Pearson Correlation determines the linear association between real and generated data modalities. The values range between −1 (indicating perfect negative association) and 1 (indicating perfect fit).
For a better understanding of possible values, we calculated the natural correlation between real T1 and real T2 slices in a BraTS dataset, the results are shown in Table 2:
- Real T1 vs. real T2: r~0.95 ± 0.02
This corresponds to an empirical upper bound for achievable cross-modality similarity on this dataset.
Our model results:
- CycleGAN (paired): r ≈ 0.92–0.93
→ Close to reaching the natural boundary; has good anatomical representation.
CycleGAN (unpaired): r ≈ 0.74–0.78
→ Lower due to unaligned training pairs but still indicates a strong linear relationship.
DDPM: r ≈ 0.94
→ Almost identical to actual T1–T2 correlation; most similar globally.
Transformer–GAN: r ≈ 0.86–0.89
→ Mid-range: consistent with SSIM and PSNR.
Scatter plots illustrate Pearson correlation between voxel intensities of real and synthetic MRI slices for different generative models, with the real T1–T2 correlation indicating an empirical upper bound.
All these results validate CycleGAN’s viability, particularly when used with pairs, and emphasise that diffusion models are closest to natural cross-modal statistics. The voxel-wise relationship between real and synthetic modalities is visualised in Figure 2.
This confirms that background voxels inflate correlation, but substantial anatomical correlation remains. The voxel-wise relationship between ground truth and synthesised intensities is illustrated in Figure 2. Each blue point corresponds to a voxel within the anatomical evaluation mask, plotted according to its real target intensity and synthesised intensity. Paired CycleGAN and DDPM demonstrate tight clustering around the identity line, whereas unpaired CycleGAN exhibits greater dispersion, consistent with its lower correlation values.
4.2. Downstream Results: Tumour Segmentation
4.2.1. Quantitative Results (Dice Scores)
Table 3 presents Dice assessment results for tumour segmentation using real and simulated T2 images.
4.2.2. Interpretation
Segmentation using paired CycleGAN-generated synthesised T2 maps showed similar quality to the one using real T2 maps. This confirms strong preservation of features with pathological significance. Conversely, unpaired CycleGAN experiments had degraded quality consistent with lower structural similarity (SSIM) values and larger mean absolute errors (MAE), indicating a degree of blurring/smoothing out of small details about pathology.

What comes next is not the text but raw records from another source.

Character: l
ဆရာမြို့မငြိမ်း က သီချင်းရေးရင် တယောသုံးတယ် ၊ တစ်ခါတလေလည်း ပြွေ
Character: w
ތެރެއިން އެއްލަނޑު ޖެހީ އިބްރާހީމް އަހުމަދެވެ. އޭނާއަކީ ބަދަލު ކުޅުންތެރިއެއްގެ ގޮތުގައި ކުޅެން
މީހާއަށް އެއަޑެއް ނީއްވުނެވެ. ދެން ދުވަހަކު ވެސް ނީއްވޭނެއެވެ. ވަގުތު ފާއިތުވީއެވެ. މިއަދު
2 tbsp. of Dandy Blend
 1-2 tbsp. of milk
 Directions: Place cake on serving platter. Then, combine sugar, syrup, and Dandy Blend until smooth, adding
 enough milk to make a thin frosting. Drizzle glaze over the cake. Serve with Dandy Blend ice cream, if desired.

Among others, images produced using the DDPM method resulted in a nearly imperceptible difference in segmentation quality compared to those produced using real T2 maps, thus validating that diffusion models have the best fidelity of any generated image, albeit with much larger computational requirements.
Taken together, these results show that the differences found in global similarity measures reflect a measurable effect on segmentation results and validate that the trade-off between quality and deployability achieved by CycleGAN pairs serves a beneficial purpose.

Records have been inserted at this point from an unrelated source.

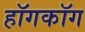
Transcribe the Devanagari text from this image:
हॉगकॉग
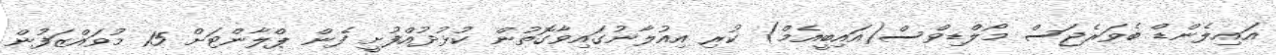
އައިލެންޑް ބެވަރެޖަސް މޯލްޑިވްސް(އައިބީއެމް) ކުރި އިއުލާނުގައިވާގޮތުން ކުޅުދުއްފުށީ ފެން ޕްލާންޓަށް 15 މުވައްޒަފުން
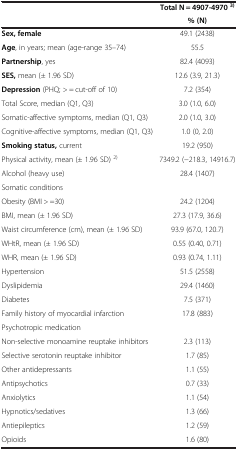
<table><thead><tr><td rowspan="2"><b> </b></td><td><b>Total N = 4907-4970 <sup>3)</sup></b></td></tr><tr><td><b>% (N)</b></td></tr></thead><tbody><tr><td><b>Sex, female</b></td><td>49.1 (2438)</td></tr><tr><td><b>Age</b>, in years; mean (age-range 35–74)</td><td>55.5</td></tr><tr><td><b>Partnership</b>, yes</td><td>82.4 (4093)</td></tr><tr><td><b>SES,</b> mean (± 1.96 SD)</td><td>12.6 (3.9, 21.3)</td></tr><tr><td><b>Depression</b> (PHQ; &gt; = cut-off of 10)</td><td>7.2 (354)</td></tr><tr><td>Total Score, median (Q1, Q3)</td><td>3.0 (1.0, 6.0)</td></tr><tr><td>Somatic-affective symptoms, median (Q1, Q3)</td><td>2.0 (1.0, 3.0)</td></tr><tr><td>Cognitive-affective symptoms, median (Q1, Q3)</td><td>1.0 (0, 2.0)</td></tr><tr><td><b>Smoking status,</b> current</td><td>19.2 (950)</td></tr><tr><td>Physical activity, mean (± 1.96 SD) <sup>2)</sup></td><td>7349.2 (−218.3, 14916.7)</td></tr><tr><td>Alcohol (heavy use)</td><td>28.4 (1407)</td></tr><tr><td>Somatic conditions</td><td> </td></tr><tr><td>Obesity (BMI &gt; =30)</td><td>24.2 (1204)</td></tr><tr><td>BMI, mean (± 1.96 SD)</td><td>27.3 (17.9, 36.6)</td></tr><tr><td>Waist circumference (cm), mean (± 1.96 SD)</td><td>93.9 (67.0, 120.7)</td></tr><tr><td>WHtR, mean (± 1.96 SD)</td><td>0.55 (0.40, 0.71)</td></tr><tr><td>WHR, mean (± 1.96 SD)</td><td>0.93 (0.74, 1.11)</td></tr><tr><td>Hypertension</td><td>51.5 (2558)</td></tr><tr><td>Dyslipidemia</td><td>29.4 (1460)</td></tr><tr><td>Diabetes</td><td>7.5 (371)</td></tr><tr><td>Family history of myocardial infarction</td><td>17.8 (883)</td></tr><tr><td>Psychotropic medication</td><td> </td></tr><tr><td>Non-selective monoamine reuptake inhibitors</td><td>2.3 (113)</td></tr><tr><td>Selective serotonin reuptake inhibitor</td><td>1.7 (85)</td></tr><tr><td>Other antidepressants</td><td>1.1 (55)</td></tr><tr><td>Antipsychotics</td><td>0.7 (33)</td></tr><tr><td>Anxiolytics</td><td>1.1 (54)</td></tr><tr><td>Hypnotics/sedatives</td><td>1.3 (66)</td></tr><tr><td>Antiepileptics</td><td>1.2 (59)</td></tr><tr><td>Opioids</td><td>1.6 (80)</td></tr></tbody></table>
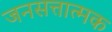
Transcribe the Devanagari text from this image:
जनसत्तात्मक
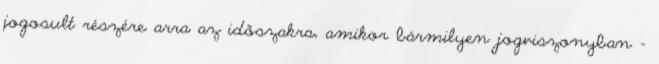
jogosult részére arra az időszakra, amikor bármilyen jogviszonyban –
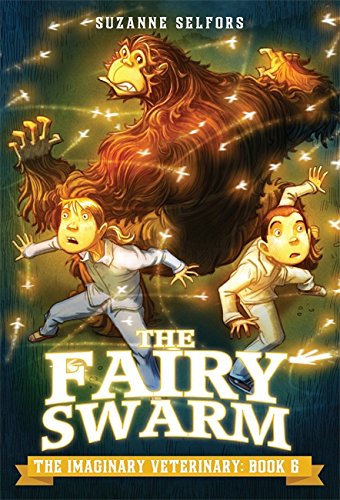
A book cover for The Fairy Swarm (The Imaginary Veterinary); Suzanne Selfors; Children's Books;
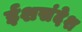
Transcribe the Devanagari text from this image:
ईशसंदेश
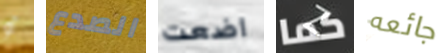
أو الصدع اضعت كما جائعه

4.3. Qualitative Image Assessment
Beyond global metrics, we performed a qualitative assessment of synthetic images focusing on tumour visibility, grey–white matter contrast, ventricular anatomy, and artefacts. A representative comparison of ground truth and synthesised outputs is shown in Figure 3, illustrating differences in anatomical fidelity across paired CycleGAN, unpaired CycleGAN, and DDPM models. Figure 4 and Figure 5 provide additional examples of T1→T2 synthesis using paired and unpaired CycleGAN, respectively, highlighting preservation of tumour boundaries and cortical structures.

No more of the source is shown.